The Good and Bad Parents in Teaching

July 28, 2019

Working with parents is one of the jobs teachers have a love/hate relationship with. You can have a good or bad relationship with parents. There are a lot of variables that can make a good or bad situation with parents.

I have parents that I have developed long-lasting friendships with long after their kids have left my tutelage. They are my friends. I have lunch with them. I am friends with them on Facebook. They continue to keep me apprised of their children’s lives even after they have left me. I get Christmas cards and graduation announcements for college graduations from parents.

Those relationships were established by building trust. I worked hard to show I truly cared about their students. Students on my caseload, the students I write IEPs for, and students in my class, become my children, my babies for life. They become a part of my life. I take care of them and treasure them. I treat them as my children. I look after them and care for them. I try to convey this to the parents of my students. I try to go up and beyond for my parents.

Many of my student’s parents have my personal cell phone number.
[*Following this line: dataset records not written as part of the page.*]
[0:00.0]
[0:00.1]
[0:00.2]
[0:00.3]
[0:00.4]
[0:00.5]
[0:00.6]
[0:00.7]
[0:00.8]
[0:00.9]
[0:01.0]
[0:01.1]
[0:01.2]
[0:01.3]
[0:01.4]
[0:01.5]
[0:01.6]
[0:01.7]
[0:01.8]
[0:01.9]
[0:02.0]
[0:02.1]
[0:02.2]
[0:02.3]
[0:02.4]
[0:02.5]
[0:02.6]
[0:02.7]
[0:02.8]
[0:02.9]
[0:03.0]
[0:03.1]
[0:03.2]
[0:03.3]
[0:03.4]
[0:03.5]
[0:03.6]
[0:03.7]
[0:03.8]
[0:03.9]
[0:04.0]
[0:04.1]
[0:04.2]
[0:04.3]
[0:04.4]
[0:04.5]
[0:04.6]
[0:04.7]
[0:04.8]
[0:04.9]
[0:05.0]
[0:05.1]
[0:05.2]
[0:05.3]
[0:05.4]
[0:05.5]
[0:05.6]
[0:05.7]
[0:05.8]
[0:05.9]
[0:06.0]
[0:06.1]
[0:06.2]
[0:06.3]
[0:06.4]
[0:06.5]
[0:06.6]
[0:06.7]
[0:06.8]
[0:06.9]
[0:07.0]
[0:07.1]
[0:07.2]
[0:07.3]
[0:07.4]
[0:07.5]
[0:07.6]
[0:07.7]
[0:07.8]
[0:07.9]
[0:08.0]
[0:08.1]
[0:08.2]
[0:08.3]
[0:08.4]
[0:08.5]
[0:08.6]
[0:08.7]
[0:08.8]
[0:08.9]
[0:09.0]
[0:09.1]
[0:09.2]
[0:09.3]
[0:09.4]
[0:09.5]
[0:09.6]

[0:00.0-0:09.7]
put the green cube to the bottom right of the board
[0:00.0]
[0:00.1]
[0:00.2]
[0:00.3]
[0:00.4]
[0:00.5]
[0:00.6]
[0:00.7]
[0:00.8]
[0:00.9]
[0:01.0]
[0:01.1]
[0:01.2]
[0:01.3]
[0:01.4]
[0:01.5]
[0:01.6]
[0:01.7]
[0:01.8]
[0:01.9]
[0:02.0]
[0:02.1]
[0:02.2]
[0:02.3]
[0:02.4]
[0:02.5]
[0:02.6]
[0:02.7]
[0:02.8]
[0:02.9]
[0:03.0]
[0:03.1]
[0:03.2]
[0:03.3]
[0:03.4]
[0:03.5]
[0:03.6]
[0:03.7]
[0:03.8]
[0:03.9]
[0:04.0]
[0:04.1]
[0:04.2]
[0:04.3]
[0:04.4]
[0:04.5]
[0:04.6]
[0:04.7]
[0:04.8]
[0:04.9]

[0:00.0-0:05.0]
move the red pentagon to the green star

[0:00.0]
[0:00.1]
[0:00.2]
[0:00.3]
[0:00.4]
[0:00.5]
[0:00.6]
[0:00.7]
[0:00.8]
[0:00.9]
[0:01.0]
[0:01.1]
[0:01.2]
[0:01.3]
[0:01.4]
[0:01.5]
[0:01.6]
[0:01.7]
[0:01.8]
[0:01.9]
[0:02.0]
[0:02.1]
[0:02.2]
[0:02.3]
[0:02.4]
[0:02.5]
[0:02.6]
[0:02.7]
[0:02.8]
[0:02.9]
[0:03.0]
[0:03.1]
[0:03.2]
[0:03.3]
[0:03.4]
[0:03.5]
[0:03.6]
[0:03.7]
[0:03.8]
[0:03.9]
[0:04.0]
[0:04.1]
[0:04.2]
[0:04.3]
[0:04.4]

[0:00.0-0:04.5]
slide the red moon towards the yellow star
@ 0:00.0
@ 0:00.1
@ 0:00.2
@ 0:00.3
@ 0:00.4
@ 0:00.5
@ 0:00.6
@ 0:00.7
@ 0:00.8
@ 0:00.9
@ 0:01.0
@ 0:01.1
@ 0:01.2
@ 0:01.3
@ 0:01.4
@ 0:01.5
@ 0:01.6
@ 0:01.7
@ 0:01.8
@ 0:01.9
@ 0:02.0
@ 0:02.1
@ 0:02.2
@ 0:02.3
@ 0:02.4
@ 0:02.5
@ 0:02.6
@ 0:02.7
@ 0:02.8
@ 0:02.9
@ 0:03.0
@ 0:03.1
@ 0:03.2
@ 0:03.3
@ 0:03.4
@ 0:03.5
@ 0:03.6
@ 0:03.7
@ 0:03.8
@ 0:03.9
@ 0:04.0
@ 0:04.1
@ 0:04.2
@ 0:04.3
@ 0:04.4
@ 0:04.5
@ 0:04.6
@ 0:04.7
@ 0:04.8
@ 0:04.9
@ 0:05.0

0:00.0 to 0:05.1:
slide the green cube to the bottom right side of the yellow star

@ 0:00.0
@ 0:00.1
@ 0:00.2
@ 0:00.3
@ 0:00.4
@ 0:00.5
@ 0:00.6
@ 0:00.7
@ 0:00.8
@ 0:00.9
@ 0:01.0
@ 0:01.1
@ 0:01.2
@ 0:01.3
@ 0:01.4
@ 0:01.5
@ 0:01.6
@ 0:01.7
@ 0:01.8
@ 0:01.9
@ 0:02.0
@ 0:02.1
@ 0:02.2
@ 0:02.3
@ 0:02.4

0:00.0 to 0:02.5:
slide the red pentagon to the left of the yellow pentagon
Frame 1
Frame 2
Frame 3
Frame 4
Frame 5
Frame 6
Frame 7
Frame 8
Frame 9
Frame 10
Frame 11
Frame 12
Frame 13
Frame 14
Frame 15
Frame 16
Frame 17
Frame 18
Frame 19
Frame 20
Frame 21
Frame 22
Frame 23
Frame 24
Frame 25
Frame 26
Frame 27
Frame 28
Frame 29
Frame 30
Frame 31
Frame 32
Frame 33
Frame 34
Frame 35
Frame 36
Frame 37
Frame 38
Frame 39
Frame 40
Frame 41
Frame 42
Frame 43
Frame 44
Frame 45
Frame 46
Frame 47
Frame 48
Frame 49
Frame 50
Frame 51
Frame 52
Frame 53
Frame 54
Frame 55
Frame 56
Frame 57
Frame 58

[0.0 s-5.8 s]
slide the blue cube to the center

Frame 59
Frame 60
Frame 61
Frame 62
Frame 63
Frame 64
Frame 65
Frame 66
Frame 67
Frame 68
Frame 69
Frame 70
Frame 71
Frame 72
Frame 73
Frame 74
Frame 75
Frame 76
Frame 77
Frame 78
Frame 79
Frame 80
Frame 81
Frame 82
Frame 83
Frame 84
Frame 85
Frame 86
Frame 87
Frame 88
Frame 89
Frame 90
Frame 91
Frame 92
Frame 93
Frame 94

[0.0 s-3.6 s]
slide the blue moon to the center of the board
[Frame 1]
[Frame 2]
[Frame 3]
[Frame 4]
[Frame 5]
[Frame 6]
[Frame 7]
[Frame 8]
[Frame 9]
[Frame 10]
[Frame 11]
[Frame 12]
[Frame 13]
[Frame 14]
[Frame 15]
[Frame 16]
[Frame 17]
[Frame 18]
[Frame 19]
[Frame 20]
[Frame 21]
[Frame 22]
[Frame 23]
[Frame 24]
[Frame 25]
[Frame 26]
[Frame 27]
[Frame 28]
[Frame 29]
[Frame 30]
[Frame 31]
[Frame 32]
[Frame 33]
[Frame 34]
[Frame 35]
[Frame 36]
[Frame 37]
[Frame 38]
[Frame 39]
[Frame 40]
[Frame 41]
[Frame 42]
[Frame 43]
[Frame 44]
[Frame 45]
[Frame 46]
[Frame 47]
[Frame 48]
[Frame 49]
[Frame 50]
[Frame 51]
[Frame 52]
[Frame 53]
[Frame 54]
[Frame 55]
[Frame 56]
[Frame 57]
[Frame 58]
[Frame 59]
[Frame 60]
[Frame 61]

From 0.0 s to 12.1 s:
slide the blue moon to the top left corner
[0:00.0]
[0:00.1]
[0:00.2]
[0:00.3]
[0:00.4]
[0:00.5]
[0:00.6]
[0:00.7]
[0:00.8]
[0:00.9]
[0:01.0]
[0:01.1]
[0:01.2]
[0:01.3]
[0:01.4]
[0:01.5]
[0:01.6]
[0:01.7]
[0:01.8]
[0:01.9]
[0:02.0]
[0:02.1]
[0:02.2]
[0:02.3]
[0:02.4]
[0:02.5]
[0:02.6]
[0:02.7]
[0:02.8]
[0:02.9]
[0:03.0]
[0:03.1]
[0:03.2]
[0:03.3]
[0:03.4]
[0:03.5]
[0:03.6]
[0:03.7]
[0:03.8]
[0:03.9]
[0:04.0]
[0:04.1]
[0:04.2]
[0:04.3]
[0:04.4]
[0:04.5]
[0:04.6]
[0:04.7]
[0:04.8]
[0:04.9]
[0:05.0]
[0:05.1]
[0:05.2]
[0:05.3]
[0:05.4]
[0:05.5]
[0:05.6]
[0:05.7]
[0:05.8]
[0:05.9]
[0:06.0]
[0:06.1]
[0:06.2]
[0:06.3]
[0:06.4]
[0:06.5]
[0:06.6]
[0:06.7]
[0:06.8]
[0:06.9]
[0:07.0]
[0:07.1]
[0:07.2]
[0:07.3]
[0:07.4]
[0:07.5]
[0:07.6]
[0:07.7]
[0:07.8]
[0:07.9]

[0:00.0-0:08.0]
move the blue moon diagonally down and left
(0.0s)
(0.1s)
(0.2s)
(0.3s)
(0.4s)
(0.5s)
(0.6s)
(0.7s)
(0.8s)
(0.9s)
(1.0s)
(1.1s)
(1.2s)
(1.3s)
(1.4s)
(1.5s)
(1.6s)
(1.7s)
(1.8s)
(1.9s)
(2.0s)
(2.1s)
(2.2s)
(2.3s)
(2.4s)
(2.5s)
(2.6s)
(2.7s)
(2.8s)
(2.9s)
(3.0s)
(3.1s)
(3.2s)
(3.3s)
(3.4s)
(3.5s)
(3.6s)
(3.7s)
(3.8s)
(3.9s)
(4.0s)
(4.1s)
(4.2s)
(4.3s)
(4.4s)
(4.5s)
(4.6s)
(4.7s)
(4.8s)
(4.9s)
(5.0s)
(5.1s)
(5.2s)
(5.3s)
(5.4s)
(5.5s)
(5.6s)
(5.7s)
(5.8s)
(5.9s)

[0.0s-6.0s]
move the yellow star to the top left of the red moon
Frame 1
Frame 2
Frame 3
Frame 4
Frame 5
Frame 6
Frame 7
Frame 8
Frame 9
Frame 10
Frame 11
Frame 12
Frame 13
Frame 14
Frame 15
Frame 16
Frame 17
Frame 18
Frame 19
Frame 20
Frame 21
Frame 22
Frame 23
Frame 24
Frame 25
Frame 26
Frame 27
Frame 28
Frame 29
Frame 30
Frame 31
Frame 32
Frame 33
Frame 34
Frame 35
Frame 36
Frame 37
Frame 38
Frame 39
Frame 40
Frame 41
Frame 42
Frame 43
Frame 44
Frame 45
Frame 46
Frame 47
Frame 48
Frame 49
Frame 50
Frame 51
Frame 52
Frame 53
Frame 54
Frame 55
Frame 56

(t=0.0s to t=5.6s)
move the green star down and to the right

They know they can reach me at any time of the day, usually by text. Nobody has ever abused this system. I have received phone calls in the evening and on weekends but never at midnight. I am diligent in returning phone calls. This builds trust with my parents.

In saying all this, there are a select few I do not give my number to. It just wasn’t an option. Some parents, you can’t build trust no matter how hard you try. They think you are the enemy.

I have had parents tell me to go fuck myself. Fuck off. And that I’m a piece of shit. All of this is in the service of their child.

We have had rather interesting parents over the years. I had a student who was constantly swearing at me and the other kids. In the meeting, to discuss his behavior, I told his father that he was cursing a lot.

Dad said, “He has T-Rex disease.”

Confused, I responded, “Excuse me. What?”

Again he said, “T-Rex disease. He has T-Rex disease.”

Completely baffled, I asked again. “What’s that again?”

His wife smacked him and said, “Tourette’s. He has Tourette’s.”

Dad said, “Yeah, that’s what I said. T-Rex.”

Dead faced. I just nodded.

His son definitely did not have Tourette’s when he called me a bitch and told me to shut the fuck up.

These parents did not trust anything we did. It was a difficult working relationship. The child was difficult as well. It was a difficult working environment. It’s difficult when there’s no trust and we are all trying to do what’s best for the child.

Another parent we had loved to draw out IEP meetings. His daughter was very sweet. The dad was very challenging. The meeting did not go the way he wanted. We did what was in the best interest of the child. Short of doing dolphin therapy, we are very accommodating for our students on campus. This father was very unreasonable.

We concluded the meeting and he refused to move. When he decided to leave, he blocked the door and wouldn’t let the principal out of the door. The father was a very large man, think Hagrid from Harry Potter, and our principal is not a large man.

Once the father had allowed the principal to escort him out the door and kick him off campus. We all sat in the room talking about the meeting. It occurred to me, that someone probably should have my principal’s back in case the father got violent.

I rushed out of the room and chased them out to the parking lot. As I get to the parking lot my principal is waving goodbye to the father, who is cramming his very large body into a compact car.

“Have a nice day, Mr. Smith!” My principal shouted with a smile.

“Fuck you prick!” The father shouted. Flipping him off with two middle fingers raised.

“Have a nice day!” My principal continued to smile and wave. He waved and smiled until the car backed out and left the parking lot.

I let out a roaring laugh.

Not all parents are on our side. Some we cannot win over. Some of these families do not have good experiences with schools and have learned not to trust schools. I hope we can change their minds.

We are all here for one purpose. The student. The student is the reason we are all here.

With hard work and building of trust, I hope to win over my families. I hope to make new friendships and gain new friends for life.